Search the material for the string "size", then show every line where it turns up.

Input records:
╔══

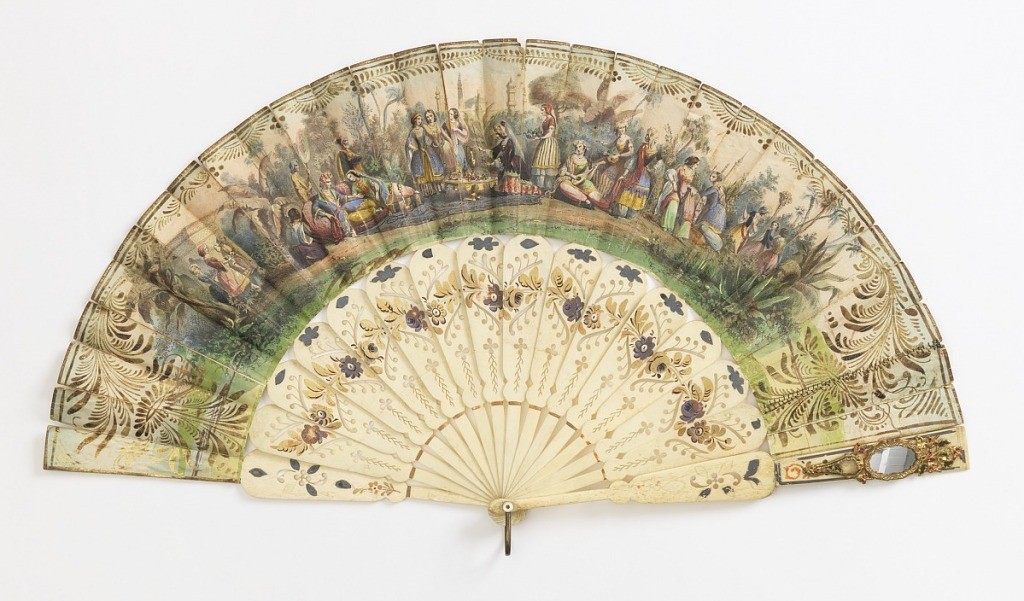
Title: Pleated fan
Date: late 19th century
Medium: Printed and hand-colored paper leaf, drilled and painted bone sticks with metallic foil, mirror on one guard, mother-of-pearl washer at rivet, gilt metal bail
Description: Pleated fan. Printed and hand-colored paper leaf. Obverse:  a Turkish scene showing a seated man reclining with with women, servants and musicians. Reverse: a Renaissance scene showing bobbin lace making and spinning. Drilled and painted bone sticks with metallic foil. Mirror on one guard. Mother-of-pearl washer at rivet and gilt metal bail.
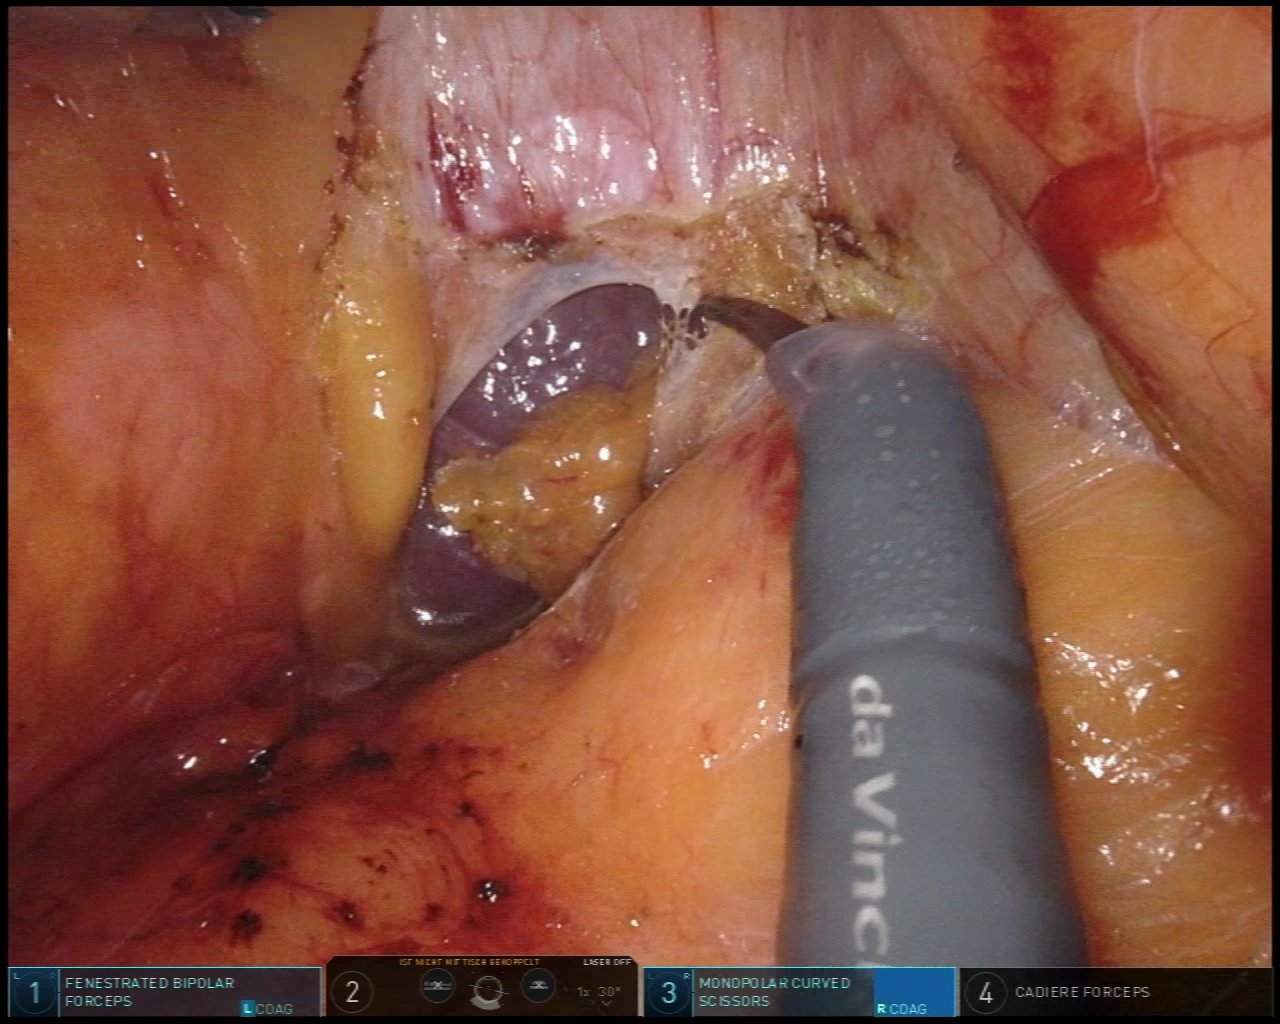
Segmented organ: pancreas
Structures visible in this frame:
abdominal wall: no
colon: no
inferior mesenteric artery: no
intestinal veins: no
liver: no
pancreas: yes
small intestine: no
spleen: yes
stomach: no
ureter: no
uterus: no
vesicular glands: no
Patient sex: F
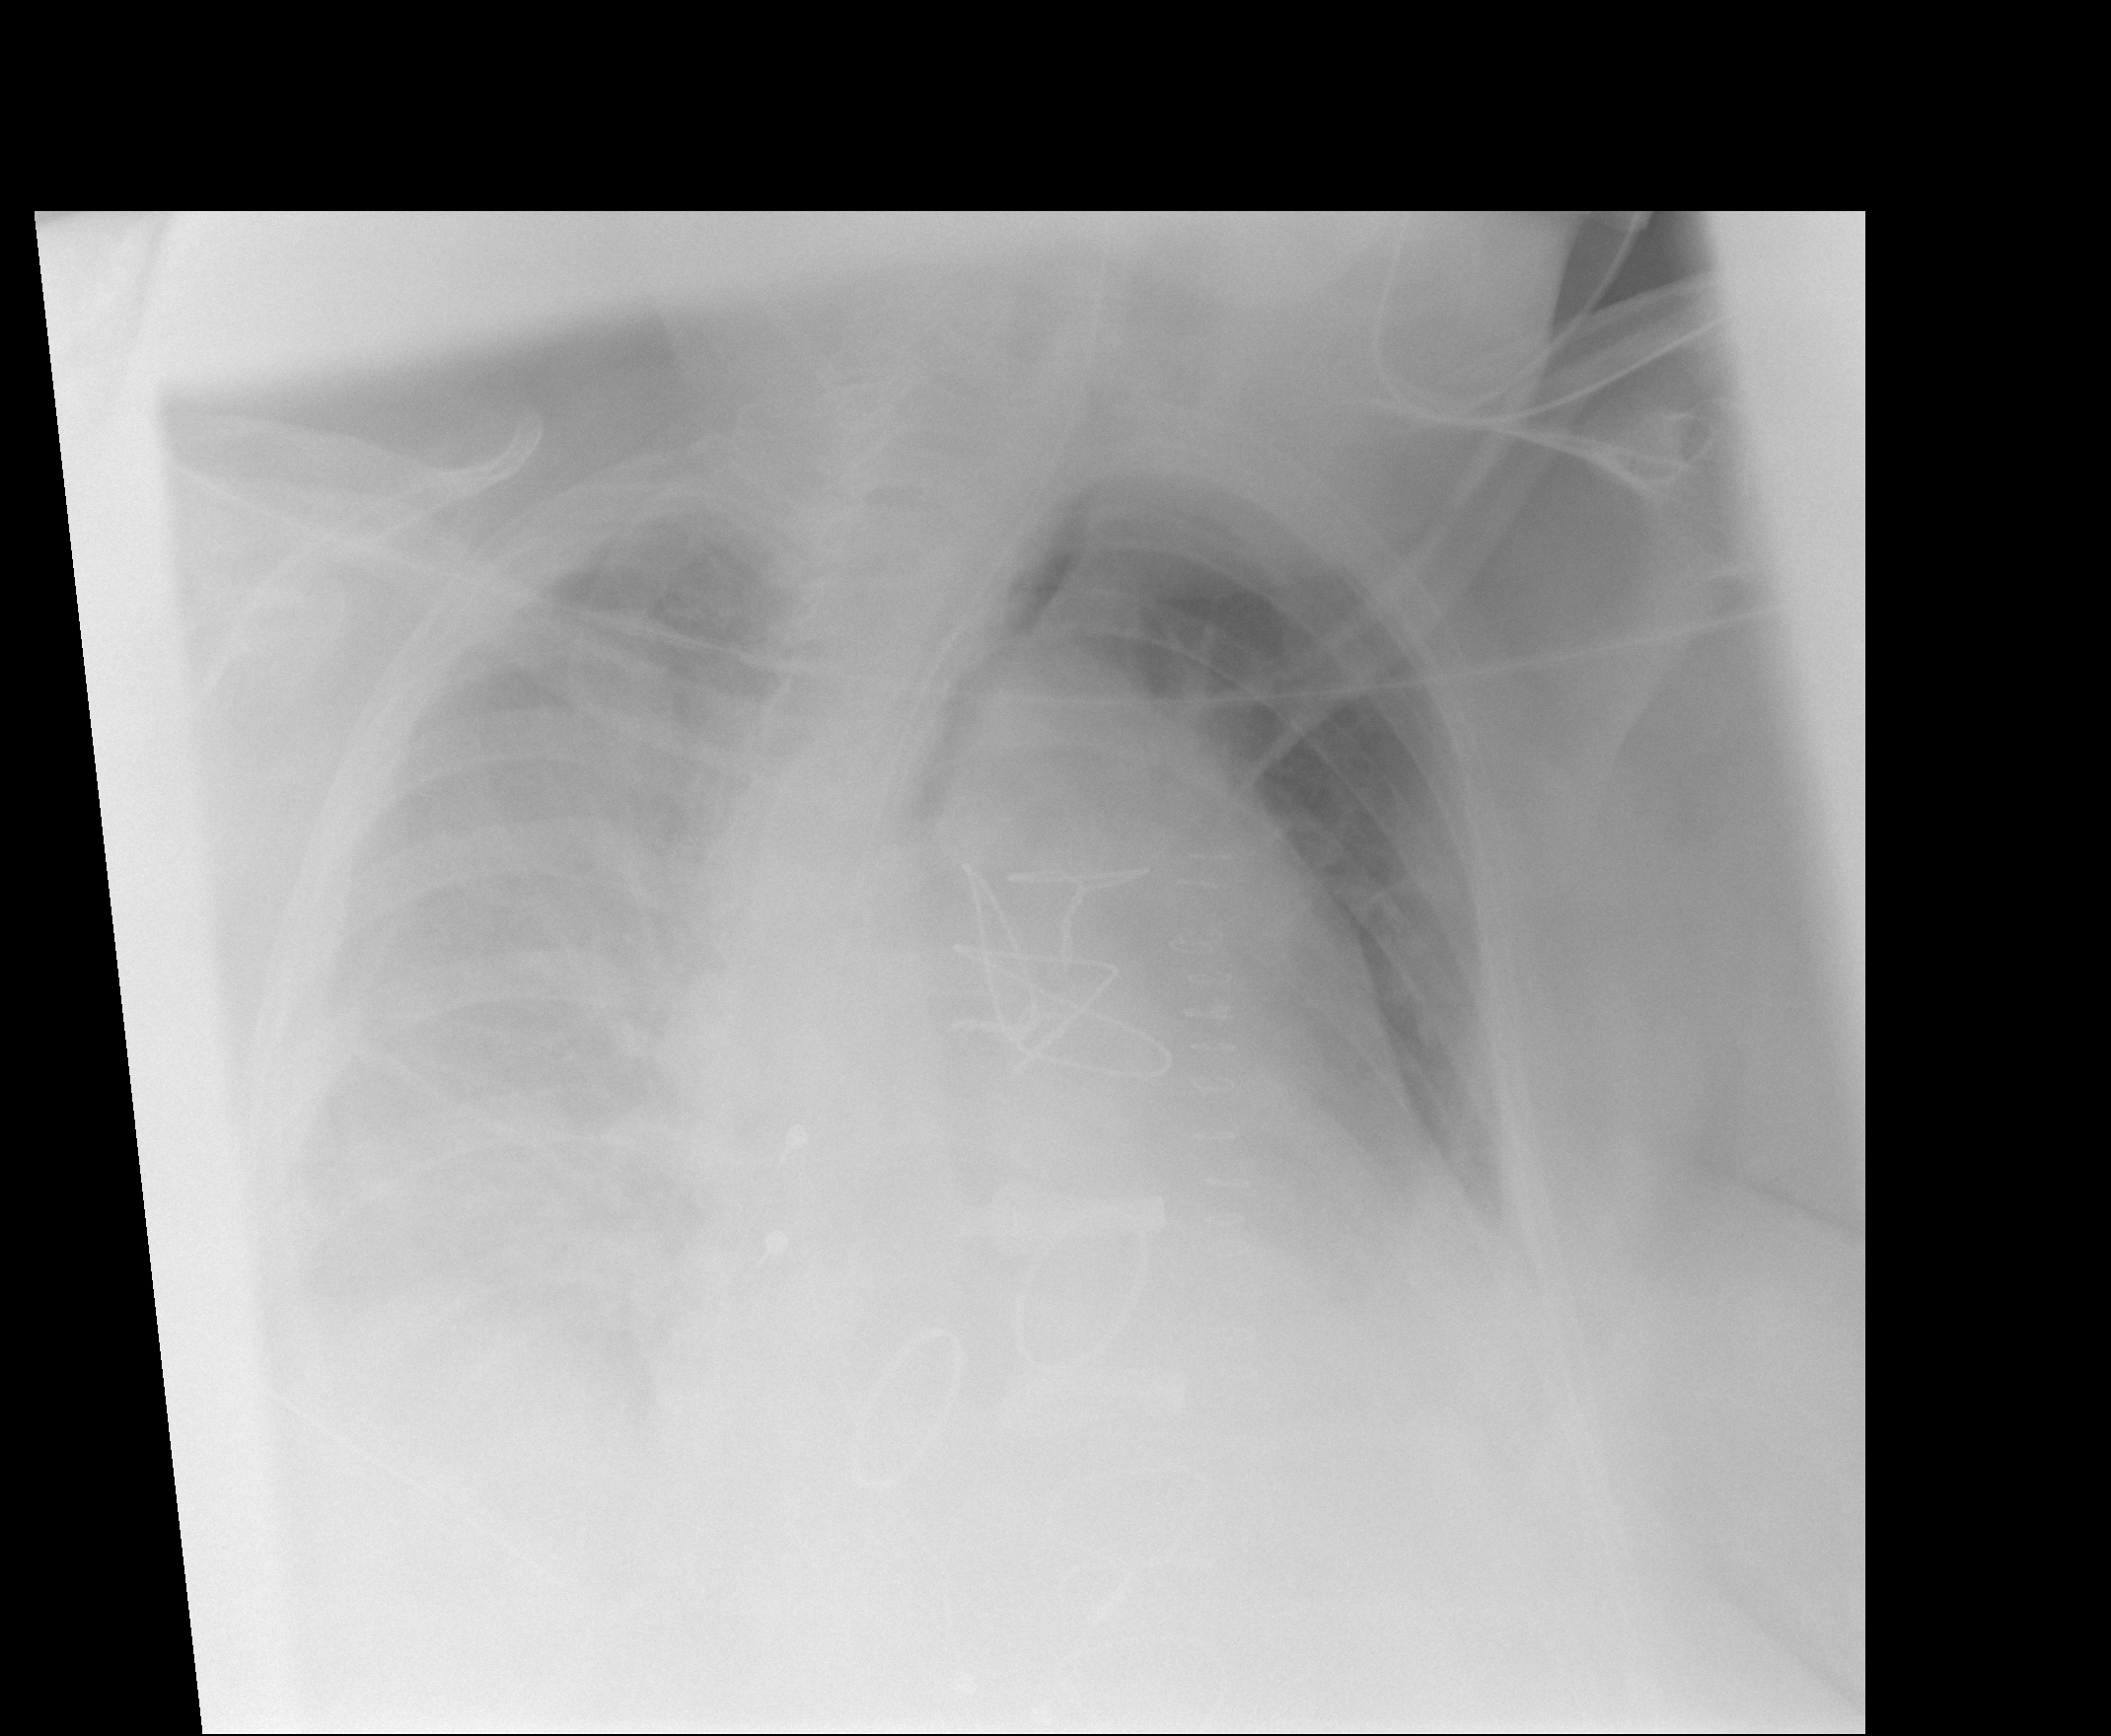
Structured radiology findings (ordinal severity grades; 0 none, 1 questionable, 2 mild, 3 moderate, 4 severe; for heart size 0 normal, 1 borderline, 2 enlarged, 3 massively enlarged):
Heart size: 3
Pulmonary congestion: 2
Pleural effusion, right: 4
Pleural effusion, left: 2
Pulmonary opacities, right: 2
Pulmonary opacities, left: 0
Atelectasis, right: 2
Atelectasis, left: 1

╚══

Result for this task:
Structured radiology findings (ordinal severity grades; 0 none, 1 questionable, 2 mild, 3 moderate, 4 severe; for heart size 0 normal, 1 borderline, 2 enlarged, 3 massively enlarged):
Heart size: 3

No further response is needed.